Enzymes undergo conformational changes when the substrate binds. They optimize the catalytic groups alignemnt and promot the formation of the transition state.

Question 6

What is acid-base catalysis?

Answer 6

The transfer of protons (H+) between the enzyme and substrate

Question 7

What is Covalent catalysis?

Answer 7

Formation of transient covalent bond between enzyme and substrate, a;tering reaction pathway. This requires a nucleophile like reactive serine, thiolate, amine, or carboxylate

Question 8

What is metal ion catalysis?

Answer 8

uses metak ions bound to the enzyme to facilitate substrate binding, stabile negative charges, or participate in redox reactions.

Question 9

What is the difference between general and specific acid-base catalysis?

Answer 9

General - involves proton transder from or to an amino acid side chain that acts as a general acid or base
Specific - uses the acidic or basic properties of water molecules to facilitate proton transfer.

Question 10

What amino acids are important for general acid-base catalysis?

Answer 10

amino acids with ionizable side chains play crucial roles in general acid-base catalysis because they can donate or accept protons.

Question 11

What is the function of proteases?

Answer 11

these are enzymes that cleave(break) peptide bonds in a peptide

Question 12

Why are proteases important?

Answer 12

They digest dietary proteins, they activation zymogens, and regulate protein function

Question 13

What are zymogens?

Answer 13

inactive enzyme precursors

Question 14

What are serine proteases? What are some examples?

Answer 14

They use a serine residue in their active site for catalysis. Examples are chymotrypsin and trypsin

Question 15

What are cysteine proteases?

Answer 15

have a cysteine residue in their active site for catalysis

Question 16

What are aspartyl proteases? What are examples?

Answer 16

They use 2 aspartate residues in their active site for catalysis. Examples include HIV protease and pepsin.

Question 17

What are metalloproteases?

Answer 17

They use a metal ion, like zinc, for catalysis

Question 18

Where is the specific location that chymotrypsin is able to cleave on a protein?

Answer 18

cleave peptide bonds immediately following and adjacent to aromatic amino acids

Question 19

What are the important residues of chymotrypsin?

Answer 19

Catalytic triad: Ser195, His57, and Asp102 form a hydrogen-bonding network essential for catalysis.

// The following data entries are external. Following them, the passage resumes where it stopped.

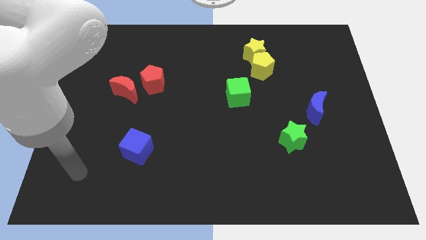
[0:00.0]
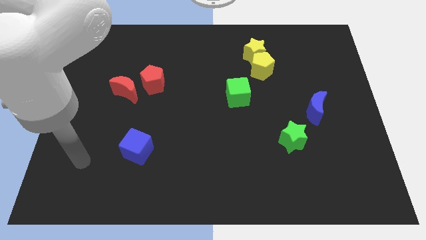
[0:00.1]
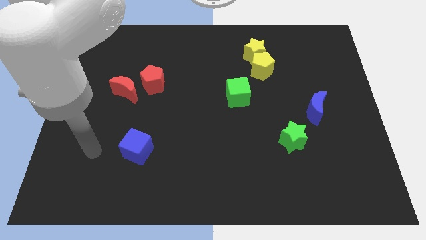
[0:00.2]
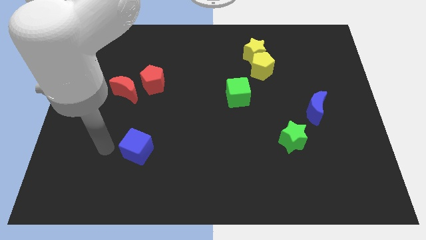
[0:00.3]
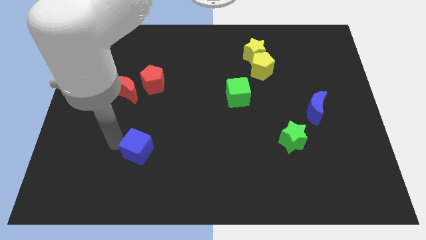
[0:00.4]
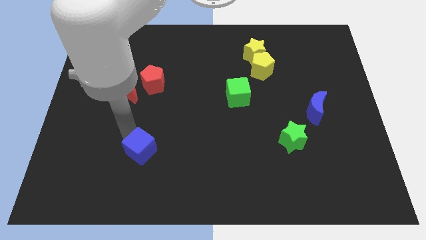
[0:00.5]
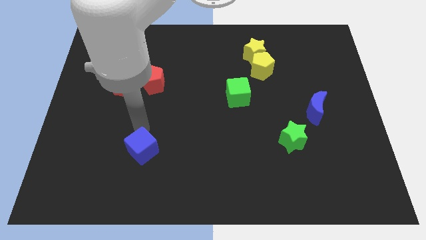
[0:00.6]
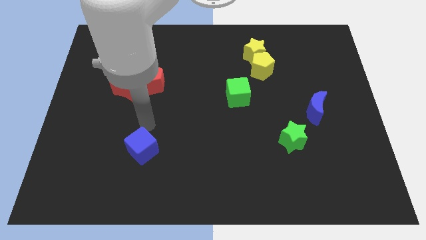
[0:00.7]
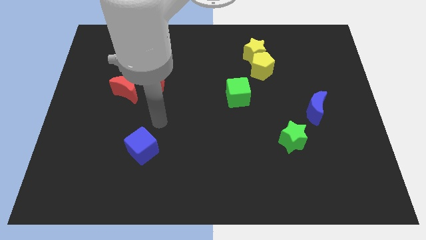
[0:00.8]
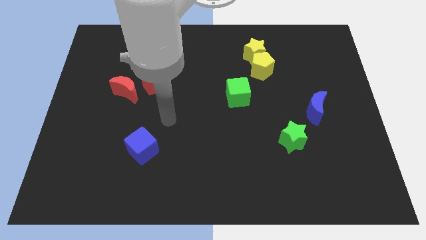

Gly193: stabilizes the enzyme-transition state complementarity

Question 20

What type of catalysis does chymotrypsin employ?

Answer 20

Both acid-base and covalent catalysis

Question 21

What is the oxyanion hole?

Answer 21

It is a region in the active site of chymotrypsin that stabilizes the negative charge (oxyanion) that develops on the carbonyl oxygen of the substrate during the transition state.

Question 22

What is a hydrophobic pocket?

Answer 22

Accomadates the aromatic side chain of the substrate, contributing to substrate specificity

Question 23

What are the tetrahedral intermediates?

Answer 23

They are formed during the reaction mechanism and are stabilized by the oxyanion hole

Question 24

What is the acylated enzyme form?

Answer 24

It is a form formed when the enzyme becomes covalently attached to the substrate during the reaction

Question 25

WHat is the deacylated enzyme form?

Answer 25

it is the form regenerated after the release of the product, restoring the enzyme to og state

Question 26

WHat is the substarte of the HIV protease?

Answer 26

Viral polyproteins, specifically cleaving between Phe and Pro residues

Question 27

WHAt are the important residues of the HIV protease?

Answer 27

Asp25 and Asp25’(from other subunit of dimeric enzyme) form the catalytic center

Question 28

How do HIV protease inhibiters block the active site?

Answer 28

The mimic the tetrahedral intermediate of the normal reaction, effectively blocking the active site.

Question 29

What do HIV protease inhibitors contain?

Answer 29

They contain benzyl rings that target the hydrophobic binding pockety and adjacenct OH group, which mimics the negatively charged oxyygen in the tetrahedral intermediate

Question 30

What property does the hexokinase illustrate? (How)

Answer 30

The concept of induced for and the importance of multiple substrates for enzyme activity.

Question 31

WHat two substrates does hexokinase require?

Answer 31

Glucose and ATP. binding of glucose causes conformational change of hexokinase, creating binding site for ATP

Question 32

WHat type of catalysis is the enolase enzyme?

Answer 32

metal ion

Question 33

What is the importance of the metal ion (specifically Mg2) in the enolase catalysis?

Answer 33

it stabilizes the transition state and facilitates proton removal.

Question 34

What are the important active site residues of enolase?

Answer 34

Lys345 and Glu211

Question 35

WHat is peptidoglycan used for?

Answer 35

Essential compoents of bacterial cell walls. Provides structural integrity and protection against osmotic stress

Question 36

What is the structure of peptidoglycans?

Answer 36

Are polymers consisting of repeating disaccharide units cross-linked by peptide

Question 37

WHat are on active site residues of the lysozyme?

Answer 37

Glu35 and Asp52

Question 38

Where does the lysozyme cleave?

Answer 38

cleaves B(1->4) glycosidic bond between N-acetylmuramic acid (Mur2Ac) and N-acetylglucoamine (GlcNAc) in peptidoglycans, specifically between sites D and E in the substrate

Question 39

What is used to identify active site residues on lysozymes?

Answer 39

X-ray crystallography studies with substrate analogs bound to lysozume revealed the location of the active site residues. Specifically, the C-1 carbon of substarte analog is positioned between Glu35 and Asp52, suggesting their involvement in catalysis

Question 40

How is crucial for inhibitory activity in penicillin?

Answer 40

a B-lactam ring

Question 41

How does penicillin inhibit bacterial cell wall synthesis?

Answer 41

It irreversibly inactivates transpeptidase by mimicing it’s substrate D-Ala-D-Ala. It forms a convalent bond with the active site serine residue

Question 42

What is the role of B-lactamases?

Answer 42

bacterial/antibiotic resistance.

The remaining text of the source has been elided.